Input sources include, but aren’t limited to:
1. Kafka
2. Flume
3. HDFS/S3
4. Kinesis
5. Twitter
Output destinations include, but aren’t limited to:
1. HDFS
2. Databases
3. Dashboards
Unified Stack
A system of handling various big data processing tasks using a single framework.
Pros:
1. Explore data interactively (in shell) to identify problems.
2. Use the same code that you used in shell also in Spark for processing large logs.
3. Use similar code in Spark Streaming for realtime processing.
Spark Streaming: Applications
- Social media sites like Twitter need to discover malicious campaigns in realtime.
- Datacentres receive streams of logs from many clusters, e.g. Flume. They want to detect problems.
- Advertisers want to understand who clicks on their pages in realtime.

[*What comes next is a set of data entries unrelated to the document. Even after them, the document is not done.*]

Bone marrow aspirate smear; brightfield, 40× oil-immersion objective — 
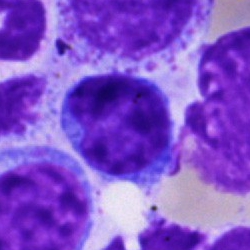
Morphology consistent with a lymphocyte.
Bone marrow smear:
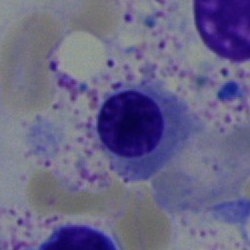

Q: What cell is this?
A: This is an erythroblast.
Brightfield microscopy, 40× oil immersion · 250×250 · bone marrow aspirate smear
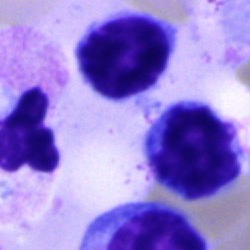This is a typical lymphocyte.
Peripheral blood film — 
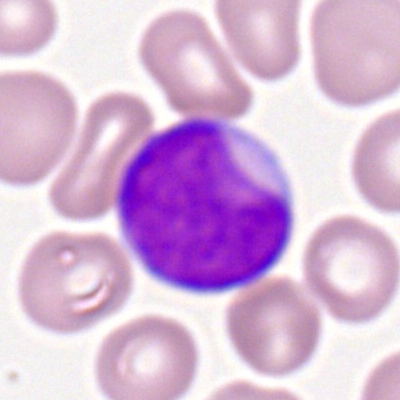
The cell shown is a myeloblast.
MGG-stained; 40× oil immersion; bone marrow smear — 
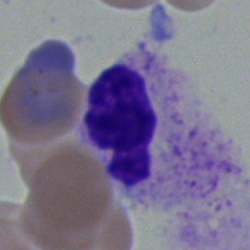

Single cell identified as a neutrophil (segmented).
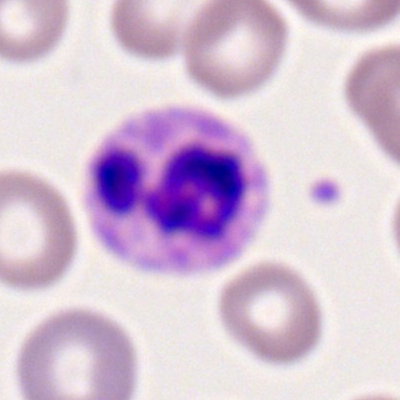
Morphological class = neutrophil (segmented).
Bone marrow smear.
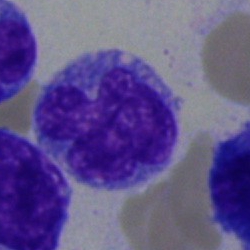

Morphological class = monocyte.
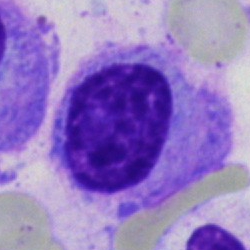Morphology consistent with a plasmacyte.
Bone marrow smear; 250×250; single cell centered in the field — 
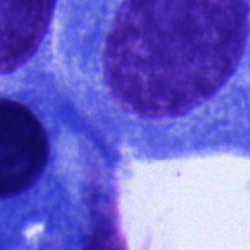

A plasma cell.
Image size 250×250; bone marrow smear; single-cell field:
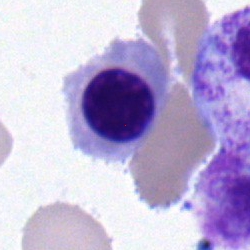
Q: Identify the cell.
A: An erythroblast.
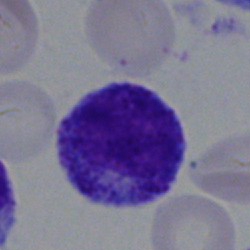Cell — progranulocyte.
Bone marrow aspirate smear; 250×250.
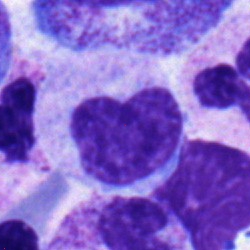

Impression — metamyelocyte.
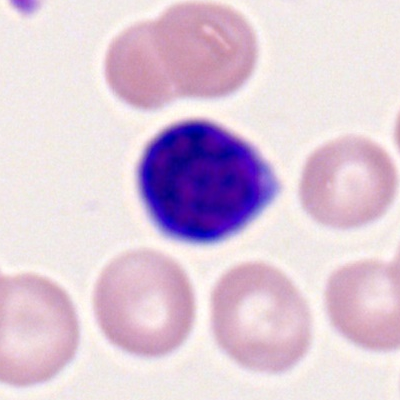Q: Which cell type is shown here?
A: A lymphocyte.
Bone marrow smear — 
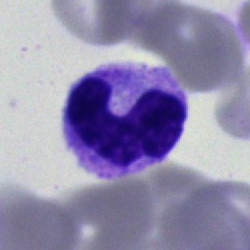

Q: What type of cell is this?
A: A band-form neutrophil.
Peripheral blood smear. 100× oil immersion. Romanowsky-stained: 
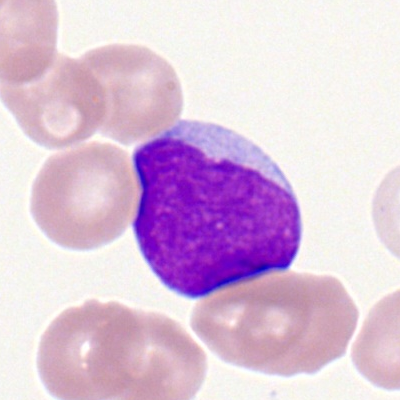 Morphology — myeloblast.
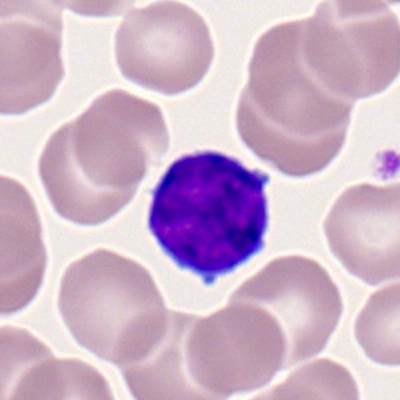

Showing a typical lymphocyte.
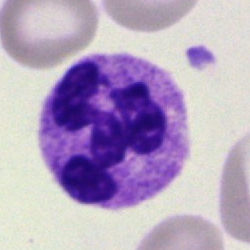{"cell_type": "segmented neutrophil", "lineage": "myeloid"}
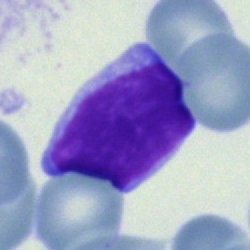

{"cell_type": "lymphocyte"}
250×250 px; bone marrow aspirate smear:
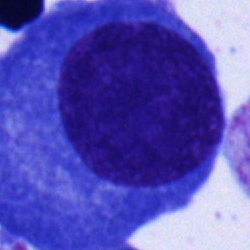
Plasmacyte.
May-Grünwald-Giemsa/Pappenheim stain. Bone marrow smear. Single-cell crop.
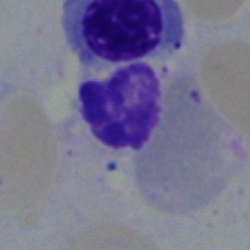

A nucleated red cell.
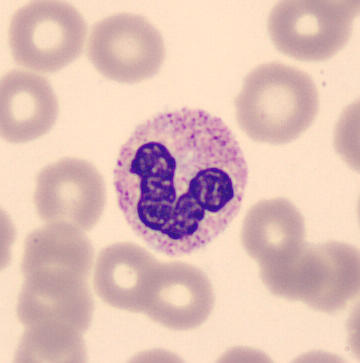

Morphology consistent with a band-form neutrophil.

Image: Peripheral blood smear.
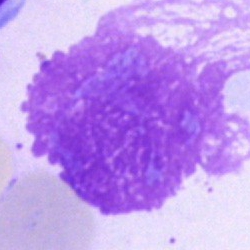An artifact.

Data Streaming: Challenges
Data size calls for a very large cluster environment. More cluster nodes lead to more faults are likely. More cluster nodes also mean that slow nodes are likely.
Quick recovery is important because we don’t want to lose useful data. For example, click logs for advertising and social media accounts that may be affected by malicious campaign.

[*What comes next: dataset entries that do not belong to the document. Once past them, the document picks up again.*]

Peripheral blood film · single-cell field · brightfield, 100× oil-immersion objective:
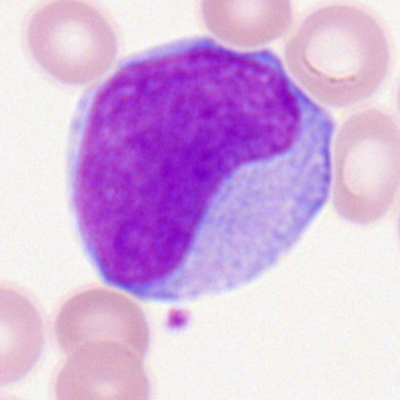 Q: What type of cell is this?
A: A myeloblast.
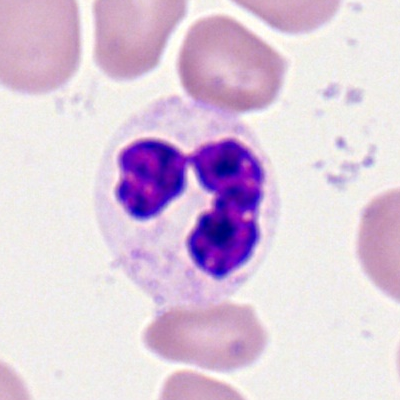
Q: What cell is this?
A: A polymorphonuclear neutrophil.
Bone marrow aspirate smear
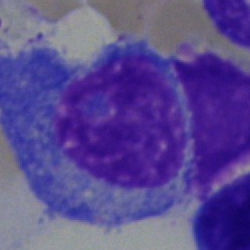 The cell is plasmacyte.
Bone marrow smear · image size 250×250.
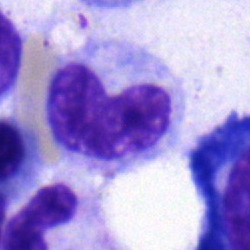Morphology — neutrophil (band).
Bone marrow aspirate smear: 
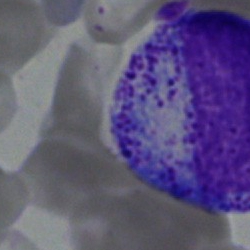
Q: What type of cell is this?
A: This is a myelocyte.
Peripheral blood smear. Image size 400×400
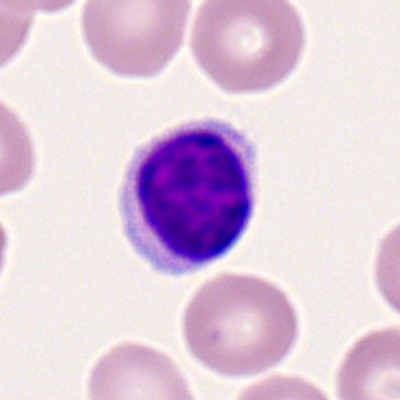 Morphology — lymphocyte.
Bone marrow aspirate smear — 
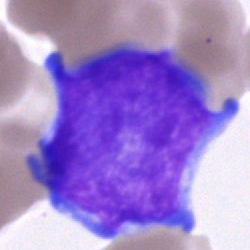

{"cell_type": "blast cell"}
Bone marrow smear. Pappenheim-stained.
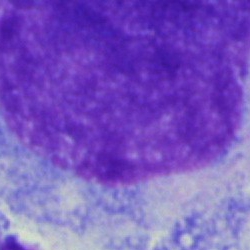 Cell type: artefact.
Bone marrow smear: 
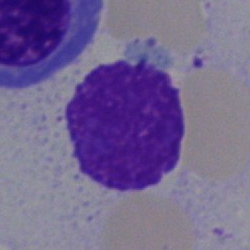 Morphology → artifact.
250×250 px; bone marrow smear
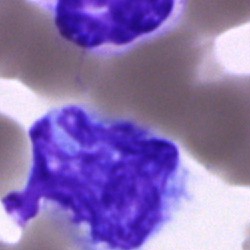

Morphology consistent with a monocyte.
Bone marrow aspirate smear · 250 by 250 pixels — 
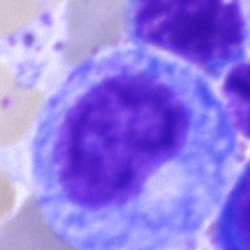

Q: What is shown here?
A: It is a progranulocyte.
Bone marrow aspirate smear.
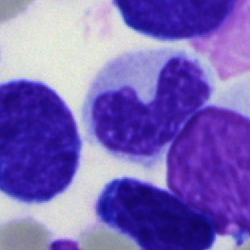 Cell type: neutrophil (band).
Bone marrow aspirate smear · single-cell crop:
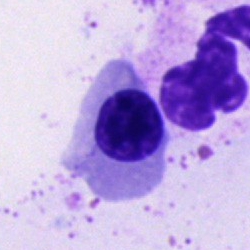 Cell type — nucleated red cell.
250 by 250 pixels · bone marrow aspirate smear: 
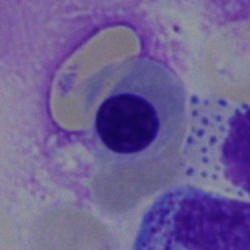Q: What is the morphological classification of this cell?
A: A nucleated red blood cell.
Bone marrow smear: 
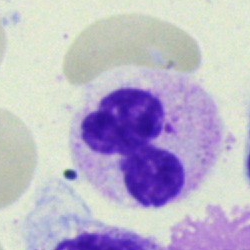

Impression — neutrophil (segmented).
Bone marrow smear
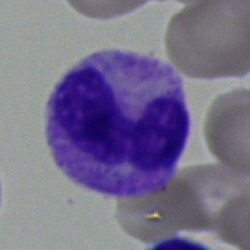

Specimen: bone marrow smear.
Cell: band-form neutrophil.
Lineage: myeloid.
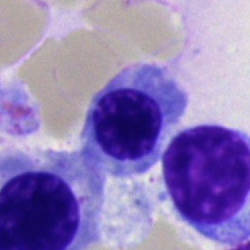Morphological class = nucleated red blood cell.
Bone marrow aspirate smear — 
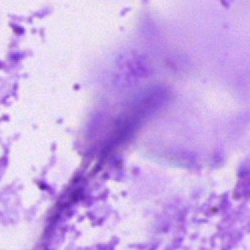

Cell type: artefact.
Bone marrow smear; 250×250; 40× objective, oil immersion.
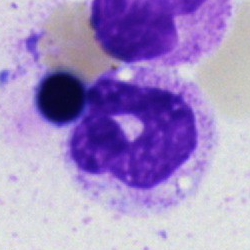
Single cell identified as a band neutrophil.
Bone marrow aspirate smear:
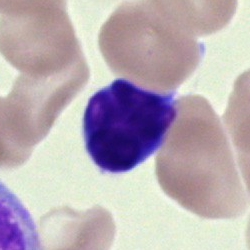
A lymphocyte.
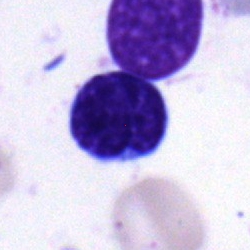
Specimen: bone marrow aspirate smear.
Morphological class: lymphocyte.
Lineage: lymphoid.
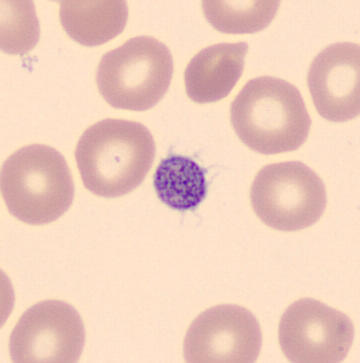
Peripheral blood film · MGG-stained.

Cell type = platelet (thrombocyte).

Discretised Streams (D-Streams)
Run a streaming computation as a series of very small, deterministic batch jobs.
Workflow:
1. Cut the stream into batches of X seconds.
2. Treat each batch as RDD and process it using RDD operations.
3. Finally, return the processed results of the RDD operations in batches.
In order to generate a RDD in each batch intervals, the DStream keeps:
1. Dependencies, a list of dependent (parent) DStreams
2. Slide interval, the interval at which it will compute RDD’s.
3. Function, to compute RDD at a time t.
Note that flatMap can be applied to both RDD’s to make new RDD’s and to DStreams, specifically batches of data it receives over time.
Pros:
1. Low latency, batch size X as low as 0.5 seconds.
2. RDD’s can store batch data, we can combine batch processing and streaming processing.
Cons:
1. Batches of a discredited stream of smaller than 0.1 seconds can’t be created.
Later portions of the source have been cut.